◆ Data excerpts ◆
>>>>
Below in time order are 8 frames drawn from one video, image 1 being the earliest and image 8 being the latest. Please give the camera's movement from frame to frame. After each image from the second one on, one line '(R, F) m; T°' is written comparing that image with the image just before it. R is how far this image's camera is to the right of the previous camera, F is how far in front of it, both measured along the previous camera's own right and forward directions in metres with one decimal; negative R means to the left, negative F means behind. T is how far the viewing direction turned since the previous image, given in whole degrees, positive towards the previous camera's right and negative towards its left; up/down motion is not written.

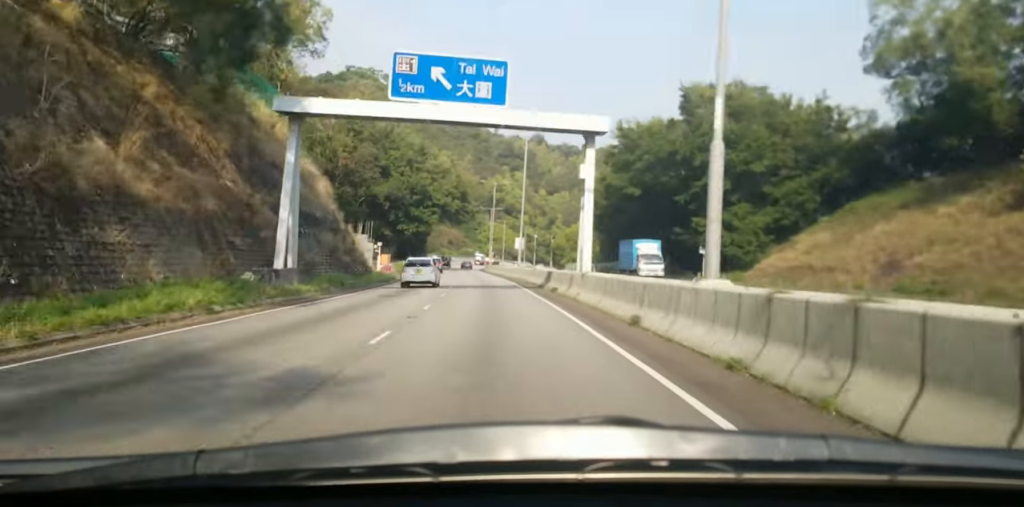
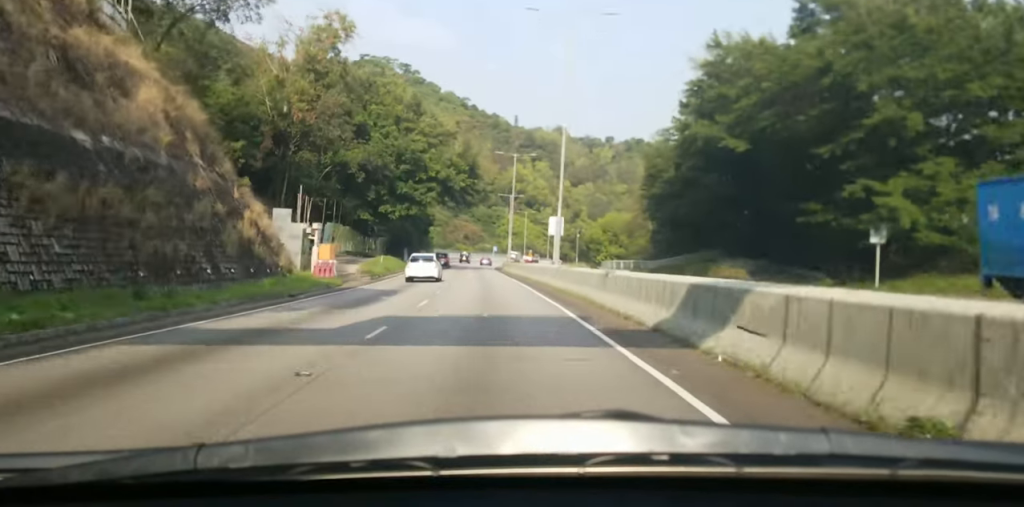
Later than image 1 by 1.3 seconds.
(0.0, +28.2) m; +1°
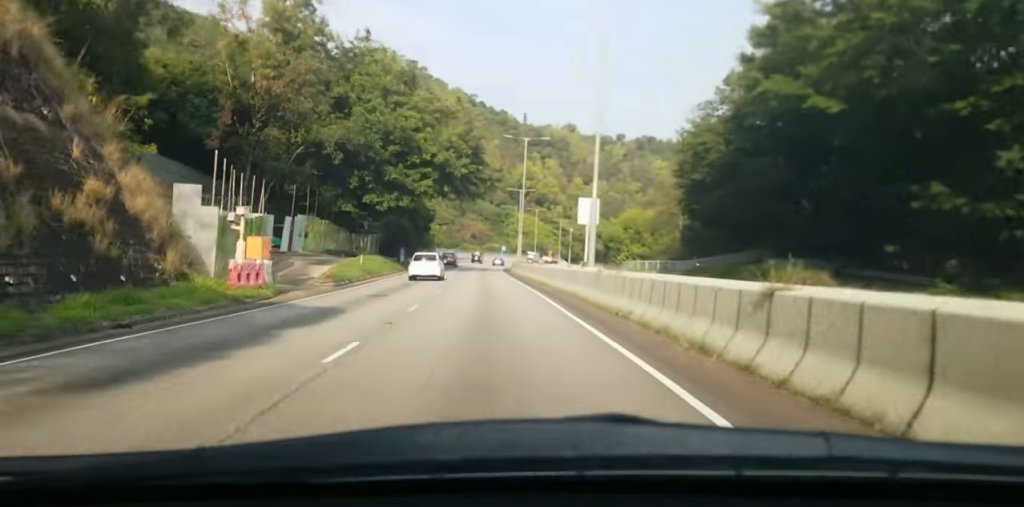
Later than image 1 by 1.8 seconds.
(+0.2, +11.3) m; 0°
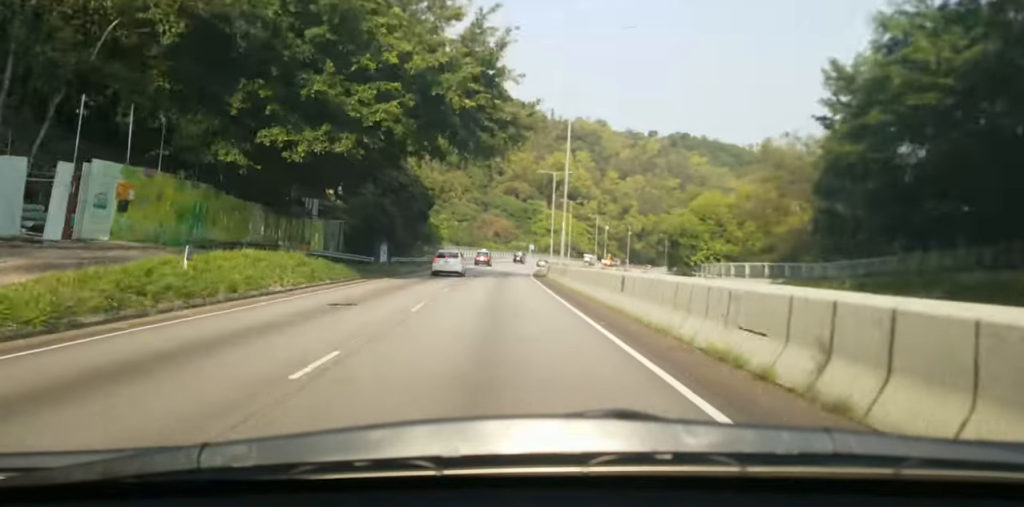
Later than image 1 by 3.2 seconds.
(-0.4, +30.4) m; -1°
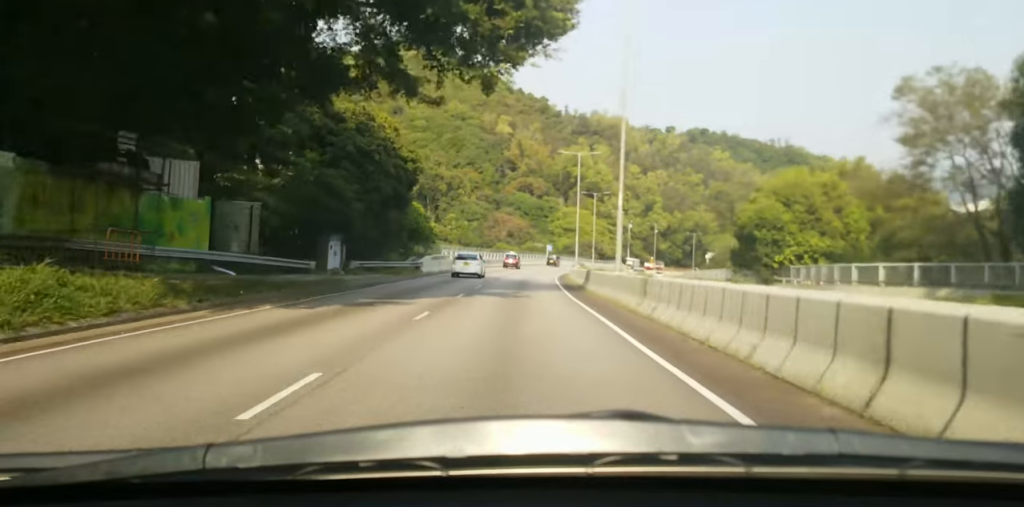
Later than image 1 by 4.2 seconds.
(0.0, +21.5) m; -1°
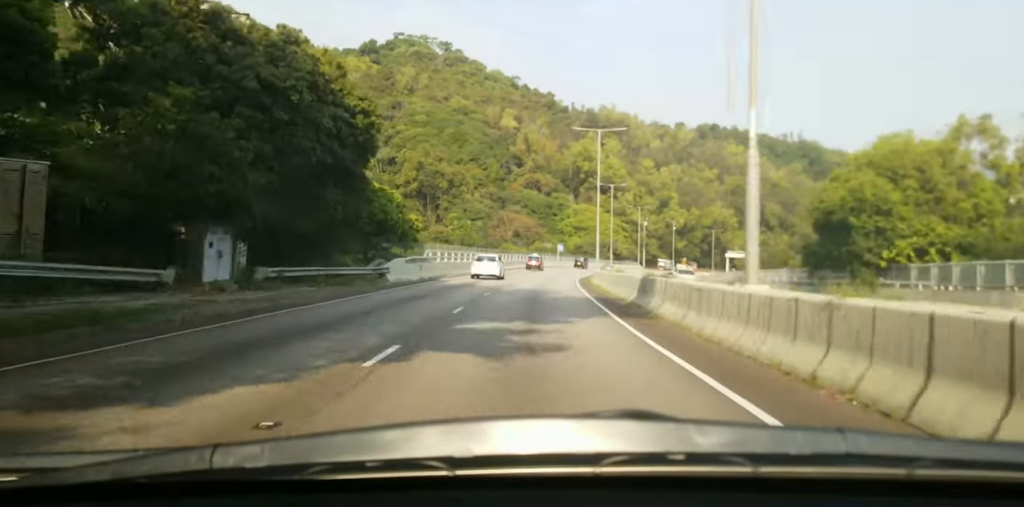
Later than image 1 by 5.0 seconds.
(-0.4, +15.5) m; 0°
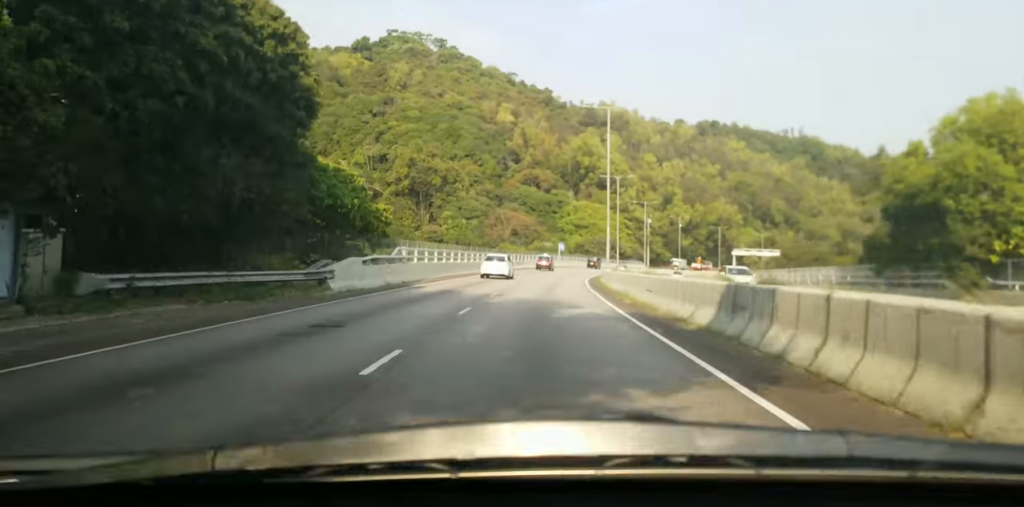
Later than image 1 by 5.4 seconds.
(+0.2, +10.4) m; 0°
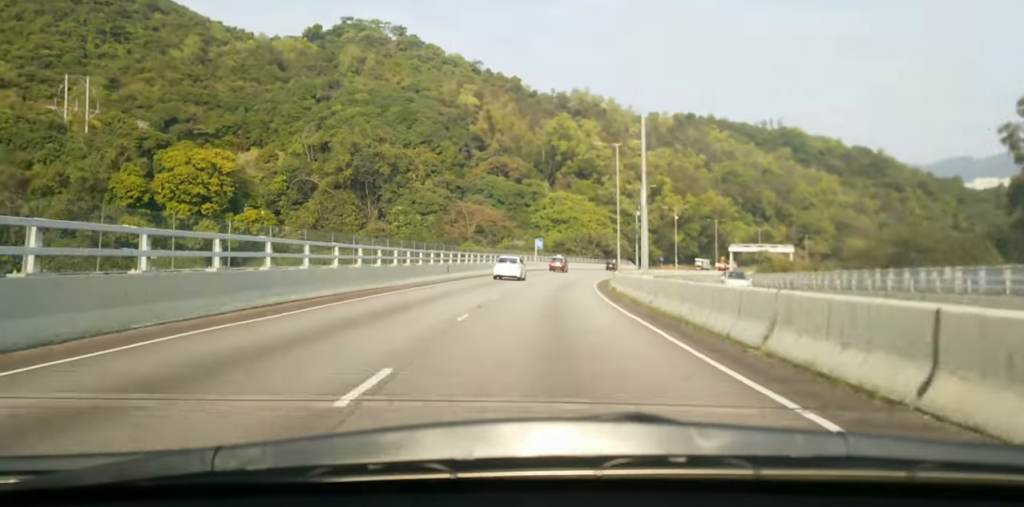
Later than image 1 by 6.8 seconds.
(-0.1, +29.9) m; 0°
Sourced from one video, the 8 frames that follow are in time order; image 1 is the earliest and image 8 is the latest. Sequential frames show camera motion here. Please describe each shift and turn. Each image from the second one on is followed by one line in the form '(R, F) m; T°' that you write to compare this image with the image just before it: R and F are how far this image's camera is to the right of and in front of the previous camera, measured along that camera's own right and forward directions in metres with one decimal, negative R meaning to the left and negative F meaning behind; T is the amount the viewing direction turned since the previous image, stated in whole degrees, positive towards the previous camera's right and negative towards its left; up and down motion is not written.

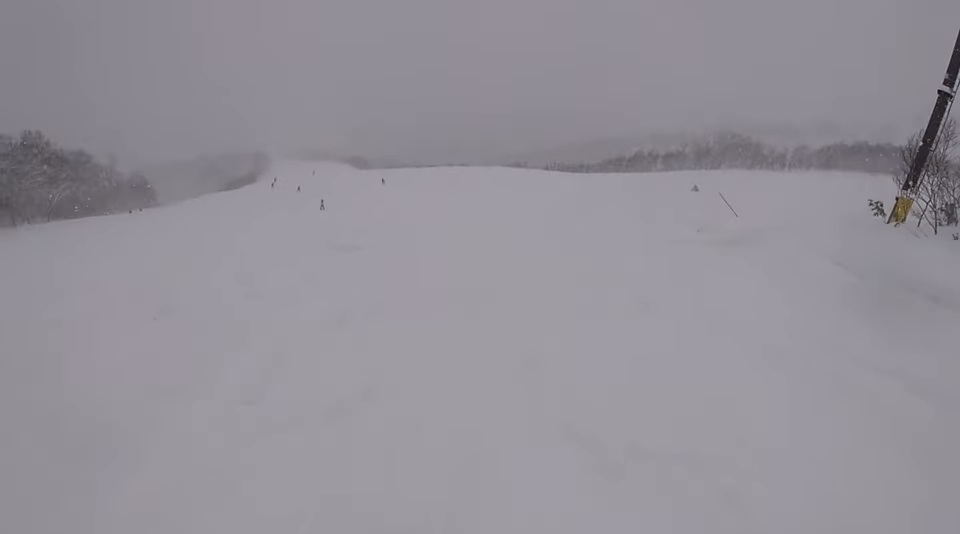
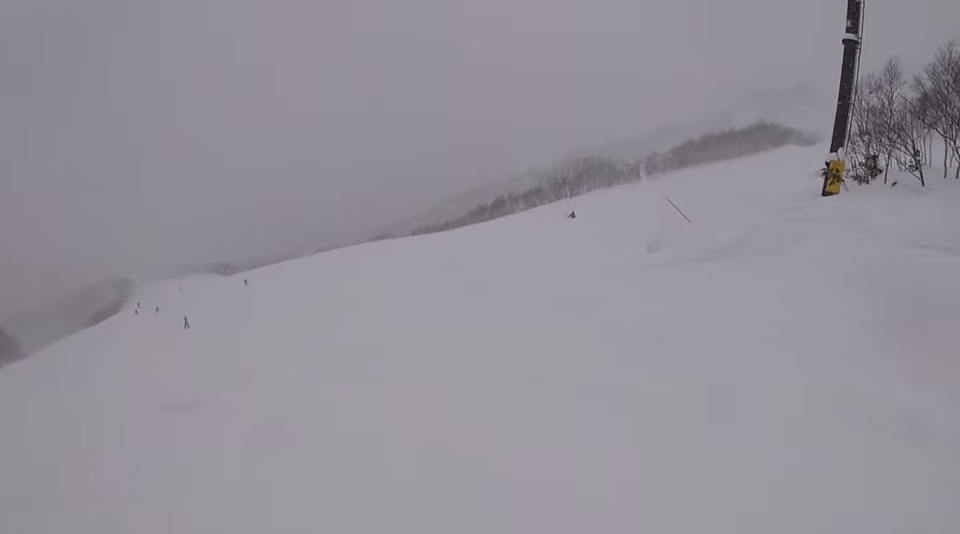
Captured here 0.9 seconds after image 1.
(-0.9, +5.4) m; 0°
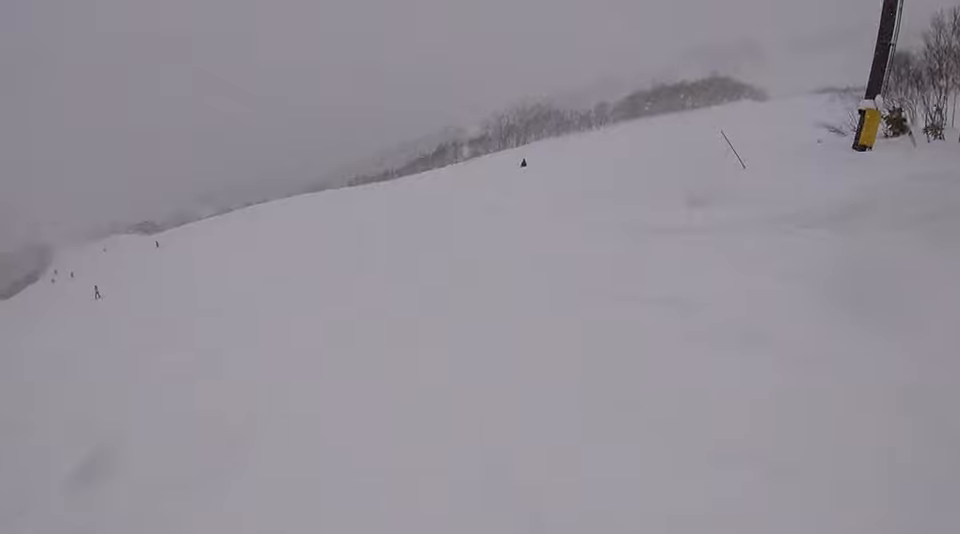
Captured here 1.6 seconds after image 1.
(+0.6, +5.3) m; +6°
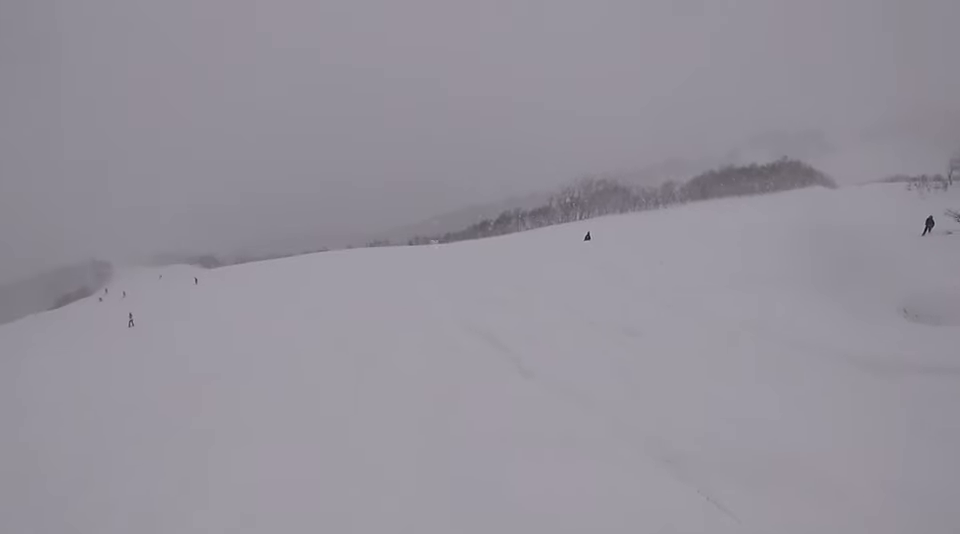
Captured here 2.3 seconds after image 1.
(+0.3, +4.9) m; -1°
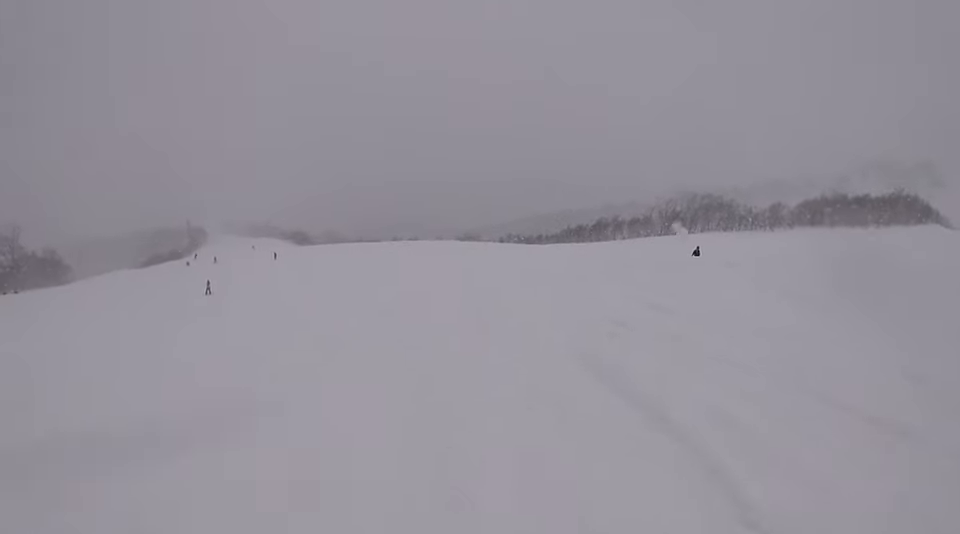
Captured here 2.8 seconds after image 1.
(+0.4, +4.0) m; -9°
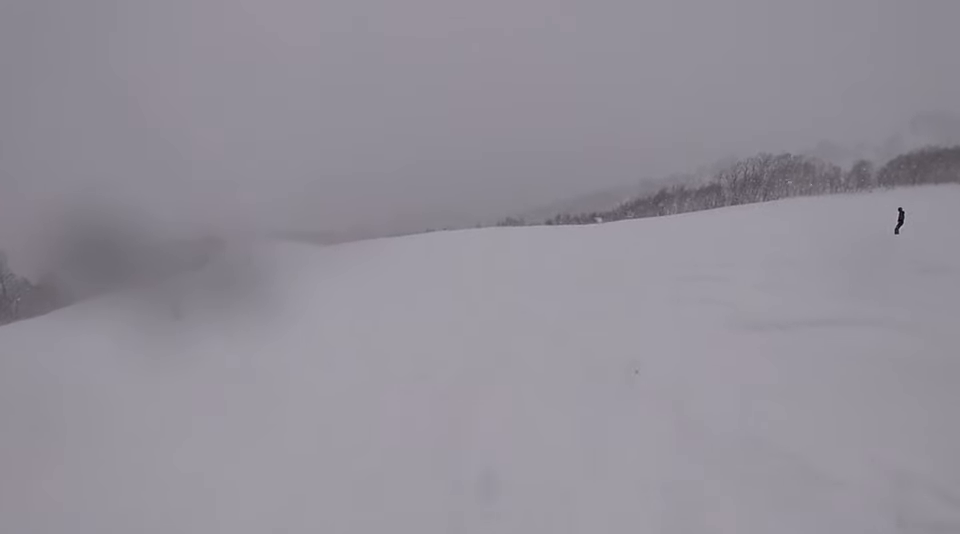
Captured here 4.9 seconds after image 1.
(-2.5, +17.4) m; -7°
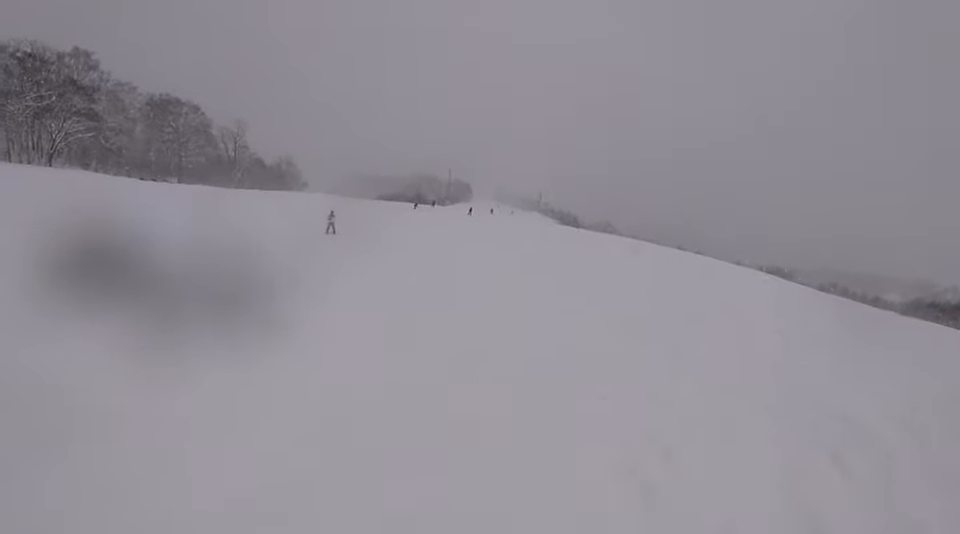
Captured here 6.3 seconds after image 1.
(-2.0, +13.8) m; -17°
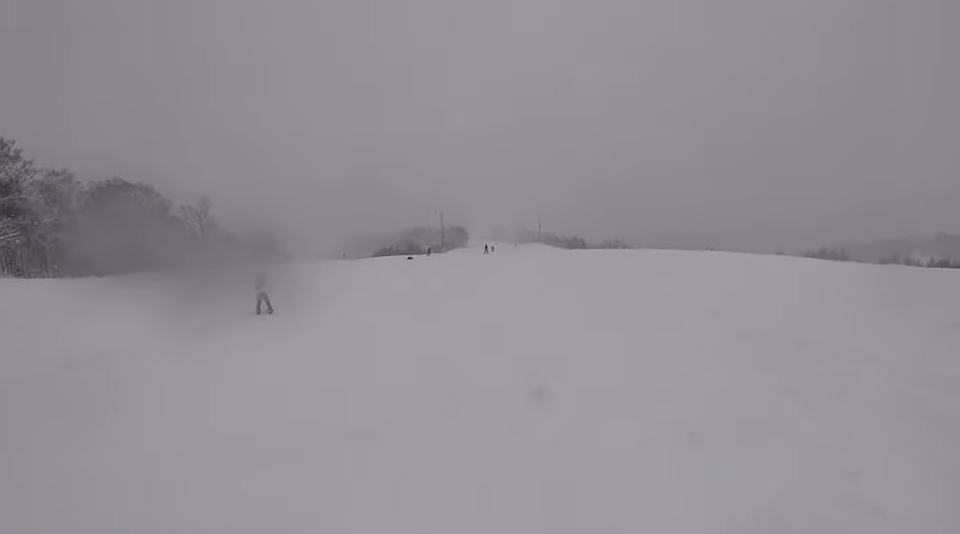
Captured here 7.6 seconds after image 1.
(-1.1, +14.2) m; -3°
<<<<
◆ YOUR INSTRUCTIONS ◆
Each record must be repeated verbatim, and no picture may appear in the copy.

◆ ANSWER TO THIS TASK ◆
Below in time order are 8 frames drawn from one video, image 1 being the earliest and image 8 being the latest. Please give the camera's movement from frame to frame. After each image from the second one on, one line '(R, F) m; T°' is written comparing that image with the image just before it. R is how far this image's camera is to the right of the previous camera, F is how far in front of it, both measured along the previous camera's own right and forward directions in metres with one decimal; negative R means to the left, negative F means behind. T is how far the viewing direction turned since the previous image, given in whole degrees, positive towards the previous camera's right and negative towards its left; up/down motion is not written.

Later than image 1 by 1.3 seconds.
(0.0, +28.2) m; +1°
Later than image 1 by 1.8 seconds.
(+0.2, +11.3) m; 0°
Later than image 1 by 3.2 seconds.
(-0.4, +30.4) m; -1°
Later than image 1 by 4.2 seconds.
(0.0, +21.5) m; -1°
Later than image 1 by 5.0 seconds.
(-0.4, +15.5) m; 0°
Later than image 1 by 5.4 seconds.
(+0.2, +10.4) m; 0°
Later than image 1 by 6.8 seconds.
(-0.1, +29.9) m; 0°
Sourced from one video, the 8 frames that follow are in time order; image 1 is the earliest and image 8 is the latest. Sequential frames show camera motion here. Please describe each shift and turn. Each image from the second one on is followed by one line in the form '(R, F) m; T°' that you write to compare this image with the image just before it: R and F are how far this image's camera is to the right of and in front of the previous camera, measured along that camera's own right and forward directions in metres with one decimal, negative R meaning to the left and negative F meaning behind; T is the amount the viewing direction turned since the previous image, stated in whole degrees, positive towards the previous camera's right and negative towards its left; up and down motion is not written.

Captured here 0.9 seconds after image 1.
(-0.9, +5.4) m; 0°
Captured here 1.6 seconds after image 1.
(+0.6, +5.3) m; +6°
Captured here 2.3 seconds after image 1.
(+0.3, +4.9) m; -1°
Captured here 2.8 seconds after image 1.
(+0.4, +4.0) m; -9°
Captured here 4.9 seconds after image 1.
(-2.5, +17.4) m; -7°
Captured here 6.3 seconds after image 1.
(-2.0, +13.8) m; -17°
Captured here 7.6 seconds after image 1.
(-1.1, +14.2) m; -3°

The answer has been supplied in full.